101arrowz commented 3 years ago

Alright, I can change the behavior of the inflation to automatically read as much as possible, but I'd like to warn you that zero-length arrays can only happen for very tiny buffers, at which point you shouldn't even call push() because push() will often waste 5 or more bytes and basically defeat the purpose of compressing that block. You should concatenate the input buffers until you reach a size you are comfortable with, then call push() if you are dealing with such small amounts of data.

Also, just as a BTW, your example actually works on the current version of fflate when replacing Inflate with Unzlib. Inflate is the wrong algorithm. Inflate for Deflate, Unzlib for Zlib, Gunzip for Gzip, Decompress for anything.

jasongin commented 3 years ago

I really appreciate all the help!

That test code is obviously contrived; in reality I am using larger input buffers. But regardless of size I need to be able to decompress all the complete chunks of data that were compressed so far, without ending the stream.

your example actually works on the current version of fflate when replacing Inflate with Unzlib.

Oh, I don't know how I missed that! I do see that my previous example test passes after fixing that. However I still find that in some cases unzlib passes a zero-length buffer to ondata.

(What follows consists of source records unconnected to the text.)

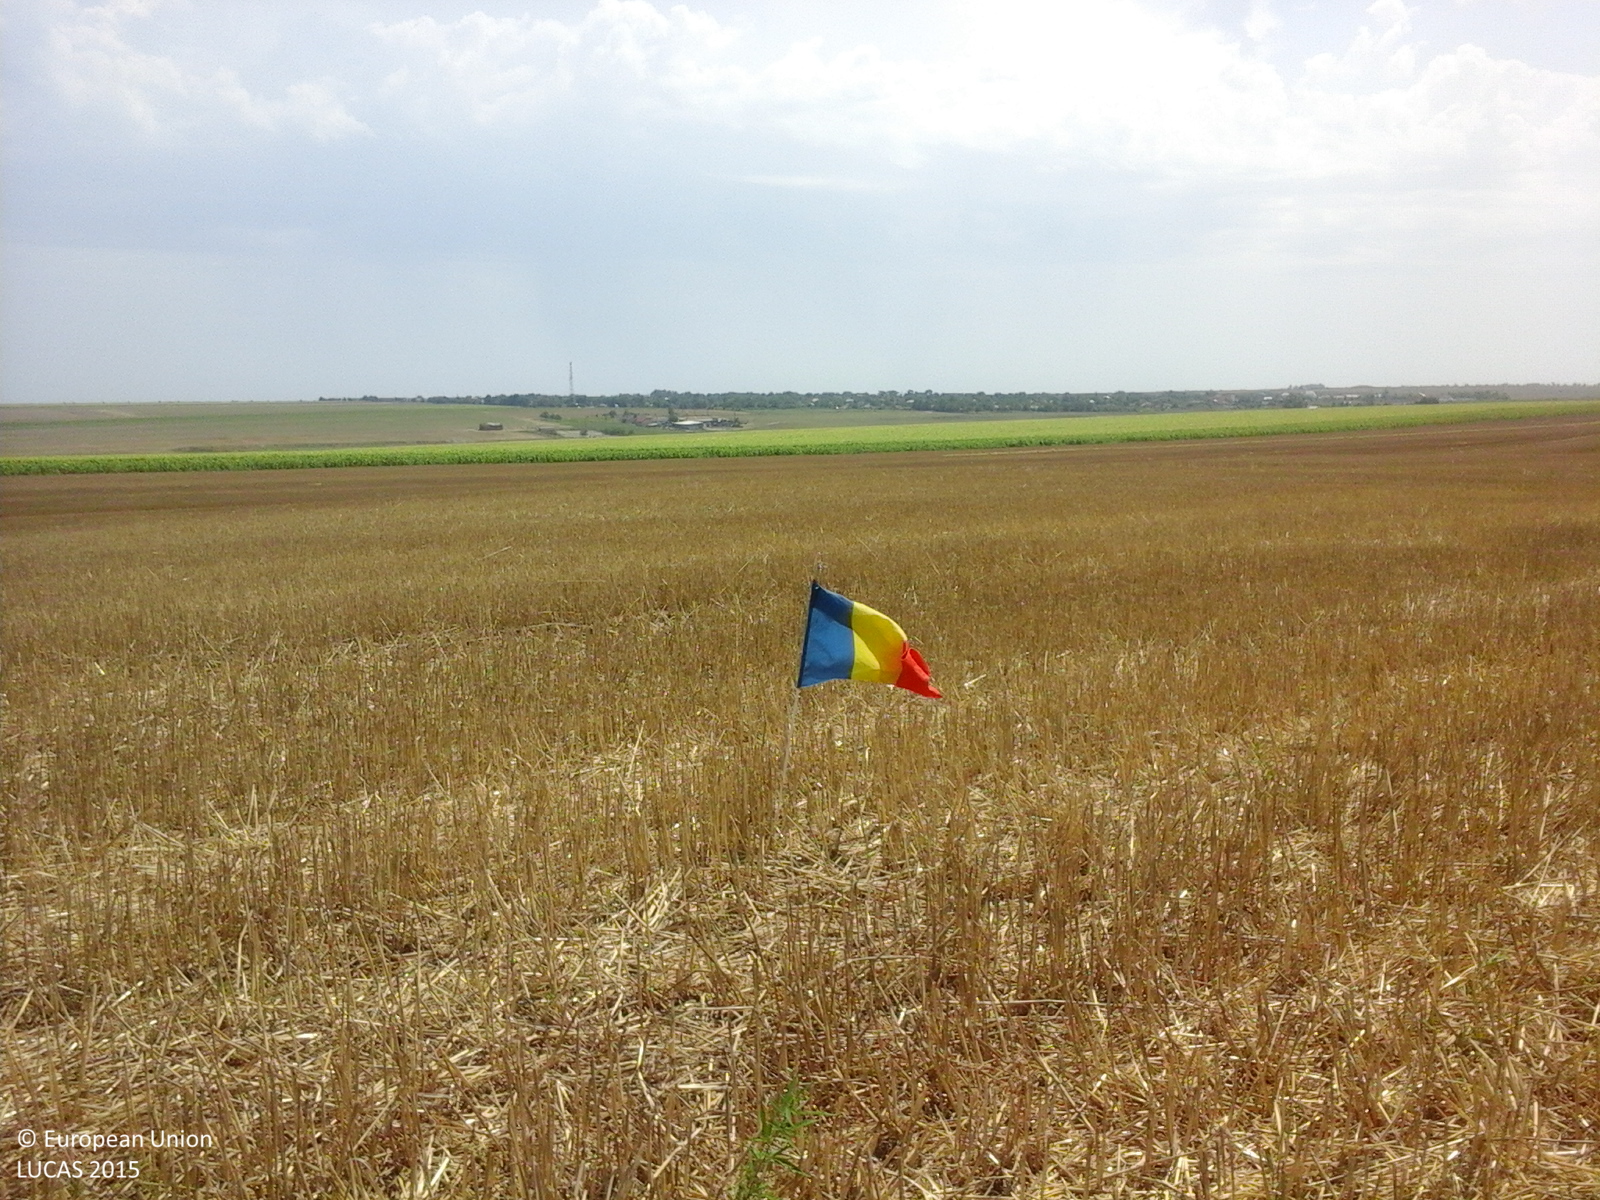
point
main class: Cropland
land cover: Common wheat
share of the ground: > 75 %
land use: Agriculture (excluding fallow land and kitchen gardens)
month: August
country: RO
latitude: 44.0797
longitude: 28.4616
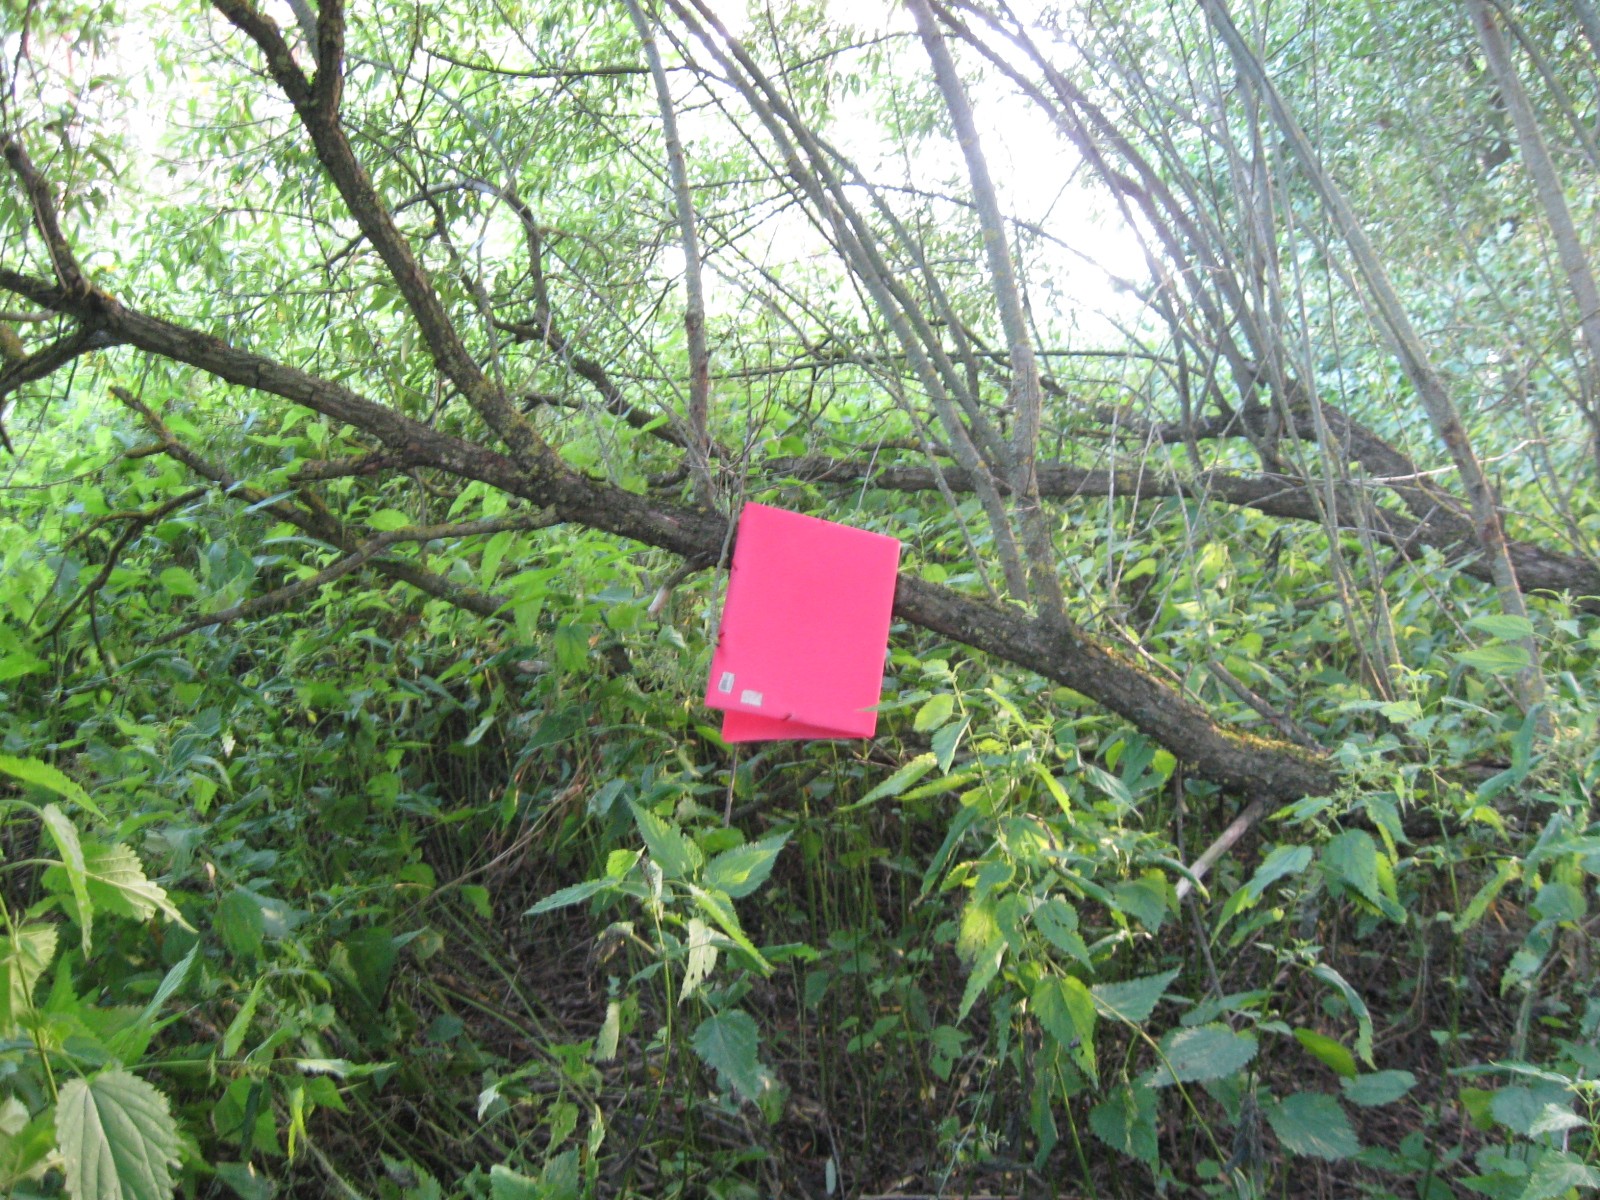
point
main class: Woodland
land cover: Broadleaved woodland
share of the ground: > 75 %
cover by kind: broadleaved forest trees 80 %, herbaceous plants 20 %
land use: Semi-natural and natural areas not in use
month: July
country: LT
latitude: 54.3338
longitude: 23.5397
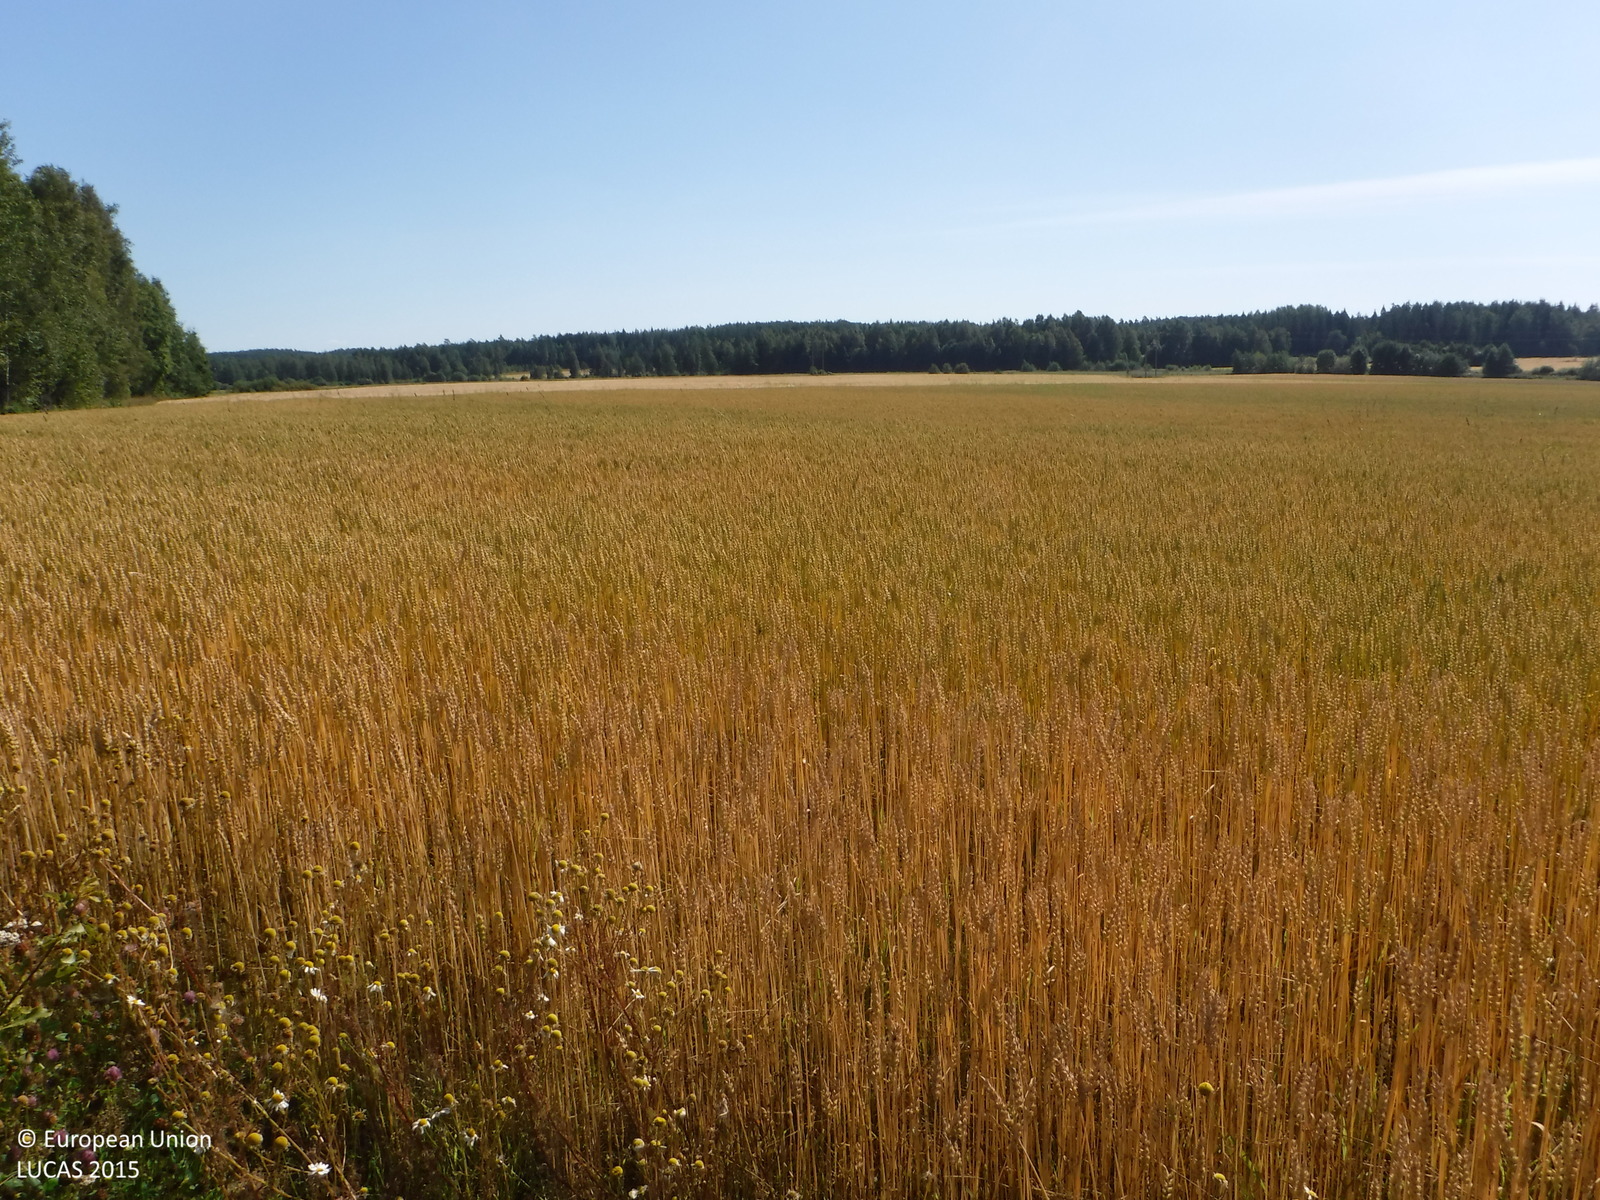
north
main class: Cropland
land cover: Common wheat
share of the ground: > 75 %
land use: Agriculture (excluding fallow land and kitchen gardens)
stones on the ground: < 10 %
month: August
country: FI
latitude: 61.1000
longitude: 21.8734

Here's an updated example:

const fflate = require('fflate');
const assert = require('assert');
const fetch = require('node-fetch');

const compressedPackets = [];
const decompressedPackets = [];

const deflate = new fflate.Zlib();
deflate.ondata = (data) => compressedPackets.push(Buffer.from(data));

const inflate = new fflate.Unzlib();
inflate.ondata = (data) => decompressedPackets.push(Buffer.from(data));

const testFile = 'https://raw.githubusercontent.com/101arrowz/fflate/9e442e99c5805270b0f96d3b18bf78685fff06d5/src/worker.ts';
fetch(testFile).then((response) => response.buffer()).then(test);

function test(input) {
    console.log(`input length = ${input.length}`);
    deflate.push(input, false);

    console.log(`compressed packet count = ${compressedPackets.length}`);
    assert(compressedPackets.length > 0);
    console.log(`first compressed packet length = ${compressedPackets[0].length}`);
    assert(compressedPackets[0].length > 0);

    compressedPackets.forEach((p) => inflate.push(p, false));

    console.log(`output packet count = ${decompressedPackets.length}`);
    assert(decompressedPackets.length > 0);
    const output = Buffer.concat(decompressedPackets);
    console.log(`output length = ${output.length}`);
    assert(output.length === input.length); // <-- assertion fails
}

Output:

input length = 399
compressed packet count = 1
first compressed packet length = 276
output packet count = 1
output length = 0
(node:19172) UnhandledPromiseRejectionWarning: AssertionError [ERR_ASSERTION]: The expression evaluated to a falsy value:

  assert(output.length === input.length)
101arrowz commented 3 years ago

400 bytes is still quite small of a chunk size, so you will still get zero-sized chunks. However, I have managed to fix it locally and will publish the version if performance isn't hurt too much.

input length = 399
compressed packet count = 1
first compressed packet length = 276
output packet count = 1
output length = 399
101arrowz commented 3 years ago

I've published version 0.6.4, which should resolve the issue where Inflate did not consume all available data. Let me know if you have any other questions. Thanks for the feature request!

jasongin commented 3 years ago

I can confirm that 0.6.4 resolved the issue. It's working great in all my testing so far. Thank you!